So it was with surprise tonight that I saw at the grocery store FOUR different icecream flavours that I had not run across before: malaysian coconut and lime; prune and armagnac; chocolate and rosmary; and (wait for it...) mustard savoury.

Mustard icecream.... bleech!
 Well....  what else could I do?!   I came home with "Mustard Savoury".  The label on the side says "savory and sweet at the same time".  I suppose that, strictly speaking, the label speaks the truth:  it IS savoury and sweet at the same time.  But not in a GOOD way!  Indeed, everyone in the house has tried a spoonful, and we have collectively come to the position that there are just some combinations that should not even be imagined into existence.  Mustard and ice cream is one of them.

Friday, October 28, 2011

Saturday mornings on the High Road

yummy challah bread
 I think we are getting some of our Saturday morning rituals in place.  While the Bonnie Banks O' Loch Lomond suggests that it matters not whether one takes the high road or the low road (you will end up in Scotland either way!), Saturday morning here in North Finchley does take us down the High Road (indeed, I am not sure exactly where the low road would be?)   And for a perfect Saturday morning, you really need at least a couple stops on the High Road.  Alex's first stop is usually the weight room over at the fitness club at the end of the street.  But others in the family are a bit less pure.  For me, the perfect Saturday morning starts with a stop at Yosi's bakery where, if your timing is right, you can get your hands on a still warm loaf of challah bread.  They keep asking me if I want it sliced.  Huh?  No... i would rather just rip hunks right off it! It is like candy.... who needs butter or jam? 
A stopping point on the High Road

Mango Blaster heaven

The only possible 'improvement' comes by grabbing a set of soft chairs in the coffee shop, and supplementing a stolen fistfull of warm bread with a warm beverage!  Well... Duncan would disagree about the value of the warm beverage, since he has discovered the delights of the much colder (and slightly more expensive) Mango Blaster Smoothie.  And if one's parents, in a moment of weakness, authorized a stop at the local Computer Games store, so much the better. 

Thursday, October 27, 2011

...oh yes, "Cool Hand Duncan"...

....ah... i forgot one more thing about our night out to see Cool Hand Luke.  That is, "cool hand Duncan", who, in the middle of act 2, reached over, took my hand, and without a word, deposited this little gem in it.  Cool as a cucumber.  What mother DOESN'T love getting handed a tooth in the middle of a play! I didn't even know the tooth was loose!   of course, if I had know, I would have loved to have pulled it out for him, but my kids are always declining my offers of help in knocking the teeth out.  sigh.   I guess the only question now is the conversion rate from dollars to pounds.... how much should I pay for a tooth like this?

Cool Hand Luke

Well, it is 'term break' here in London.   Quite a new concept for me, I will admit.  The wierd part is not the notion that you might have a break in the term.  it is rather the notion that, after only 6 weeks of school, the kids would get a full week of holidays.  A full week?!    And we get THREE of these things this year?!  
Christmas came early

OK.  So... what to do during the break?  Lots of the kids and their families went off to travel during the break.  But... having travelled a long ways just to get HERE, i thought we would just stay the course, hang out here in London and do a couple of things.  Monday was "XBox Day".  yes... after months of begging, Steve finally relented, and found a second hand XBox with a bunch of games. Many happy hours were thus spent by both boys, reaquainting themselves with the worlds of Halo, Call of Duty and Fable. 

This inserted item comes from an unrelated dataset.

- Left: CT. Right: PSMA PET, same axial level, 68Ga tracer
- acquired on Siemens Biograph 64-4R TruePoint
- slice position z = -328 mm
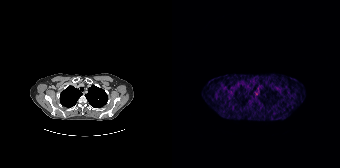
Findings: Coordinates are on the 168×168 PET (right) panel. Small PSMA-avid focus (2 to 4 px across) near (center x, center y): (84, 94).

Tuesday, we headed out to see the new Tintin movie.  What I learned from the experience is that going to see a matinee during term break is a psychotic parental choice.  The movie theatre does not hire extra staff, but every child in a 10 kilmeter radius was there:  I stood for 45 minutes in the lineup to get drinks for the boys.  A good thing we were there early, AND that they run at least 25 minutes of previews and commercials before the film starts. Crazy.  On the positive side of things, we all enjoyed the movie.  We also concluded that snowy and kiwi are kindred spirits... and that snowy even SOUNDED like kiwi.   that was fun.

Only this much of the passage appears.